We are deeply concerned about Iran’s destabilizing activities and its ballistic missile activities are incompatible with UNSCR 2231; in particular, the proliferation of weapons to proxies and non-state actors which undermines regional security. Iran’s escalation of nuclear activity undermines the counter-proliferation value of the JCPoA and threatens its preservation. We began talks in April to reestablish the JCPoA and negotiated in good faith until Iran suspended talks in June. We call on Iran to resume negotiations without delay.
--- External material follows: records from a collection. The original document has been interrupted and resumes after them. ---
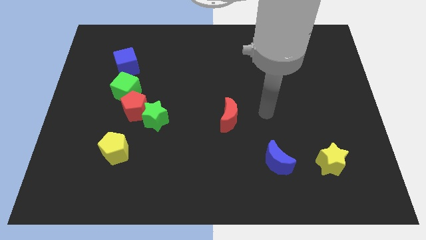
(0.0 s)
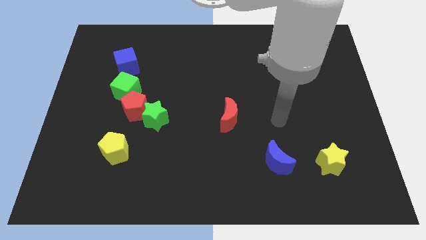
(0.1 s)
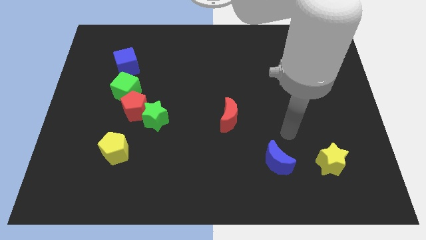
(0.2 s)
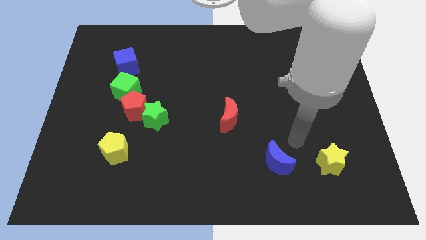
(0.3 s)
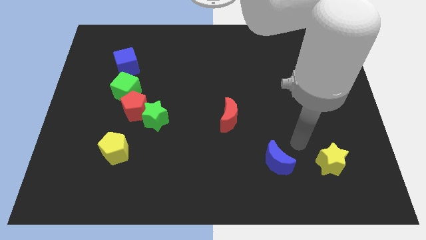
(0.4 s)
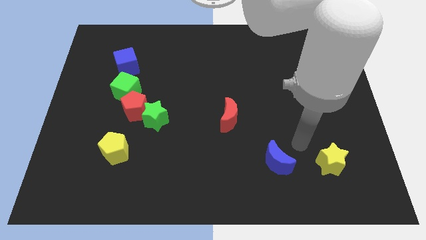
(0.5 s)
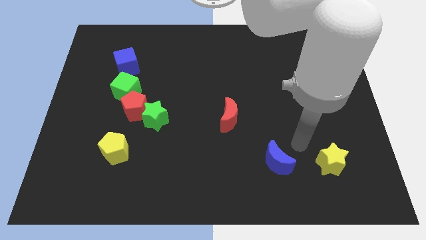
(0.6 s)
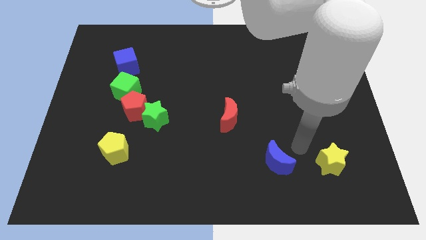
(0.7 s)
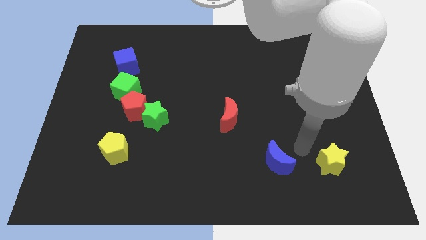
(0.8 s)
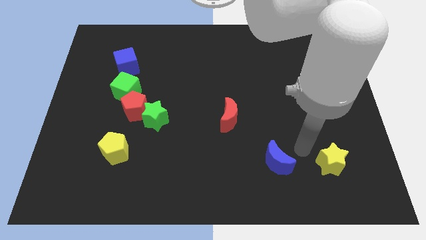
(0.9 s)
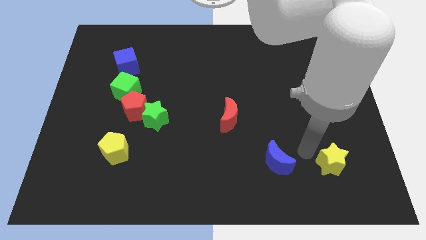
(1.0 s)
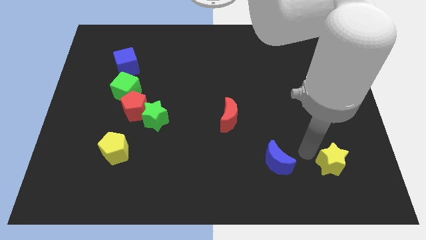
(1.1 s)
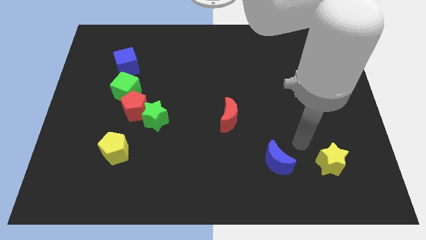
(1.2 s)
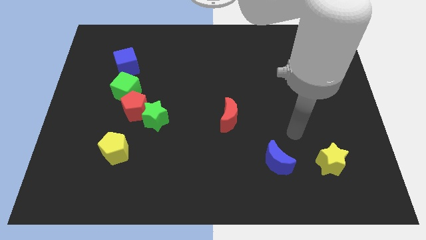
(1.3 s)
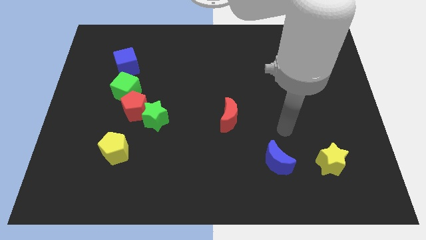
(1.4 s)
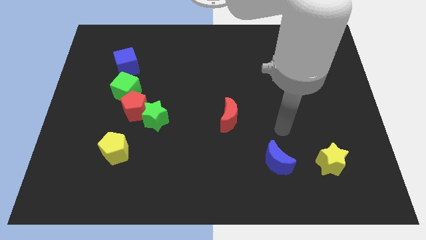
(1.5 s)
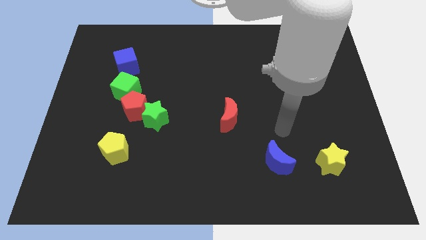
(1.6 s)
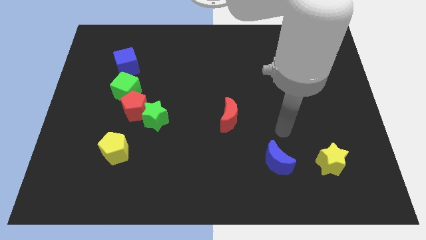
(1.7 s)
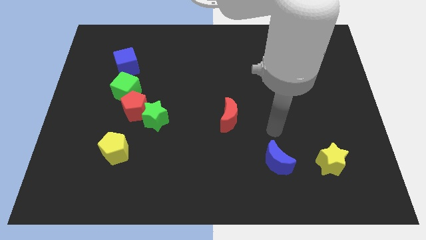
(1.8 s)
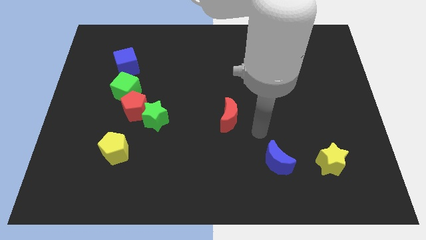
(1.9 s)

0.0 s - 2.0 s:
put your hand between the red moon and blue moon

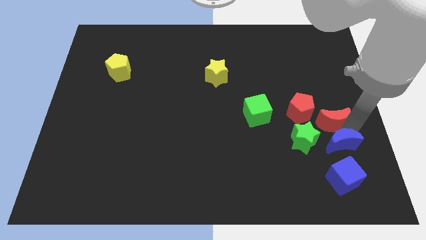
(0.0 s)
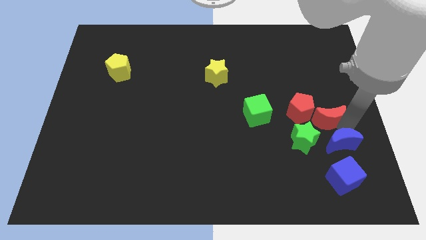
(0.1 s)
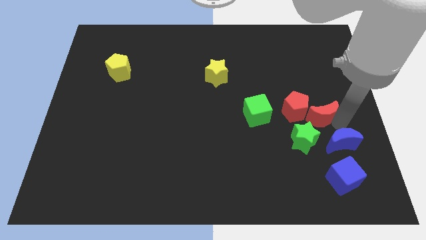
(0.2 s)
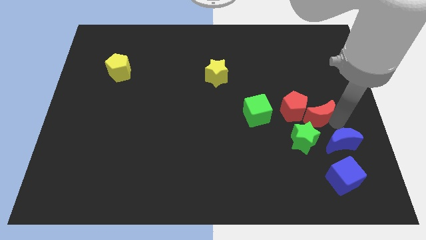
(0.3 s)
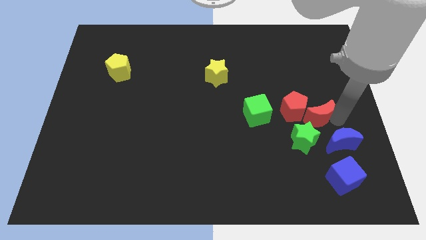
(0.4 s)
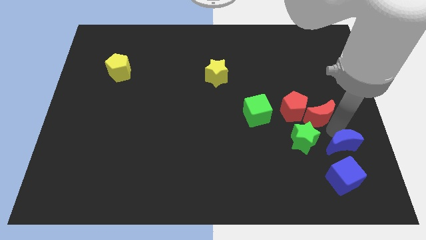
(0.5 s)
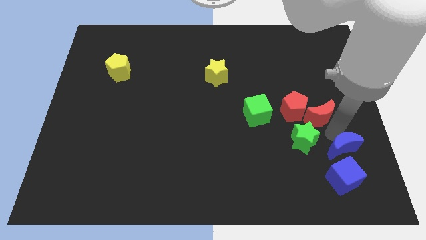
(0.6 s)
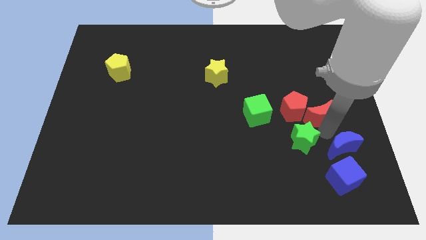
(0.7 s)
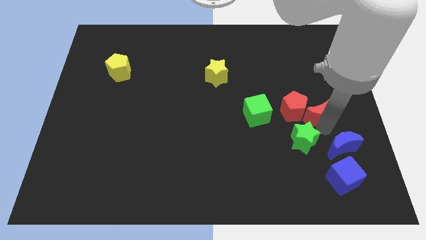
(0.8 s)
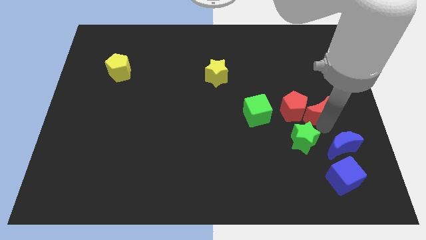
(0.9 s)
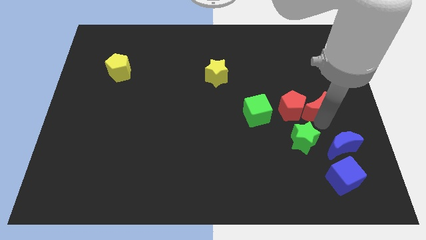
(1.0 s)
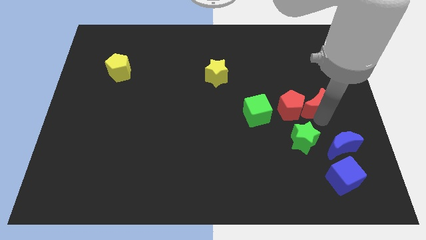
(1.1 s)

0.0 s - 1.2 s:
separate red moon from blue moon

The UK remains concerned about the development of the DPRK’s illicit nuclear and ballistic missile programs. The DPRK’s recent ballistic missile launches on September 27, in violation of several UNSCRs, make it clear that sanctions against these banned programs must remain in place and be strictly enforced by the international community. We call for the full, verifiable and irreversible denuclearization of the DPRK and urge the DPRK to resume dialogue with the United States.


The UK’s comprehensive review places multilateralism, arms control, non-proliferation and disarmament at the heart of our approach to security. We need a collective global effort to defend and strengthen the architecture of counter-proliferation and disarmament. We look forward to working with all States throughout the session of this committee.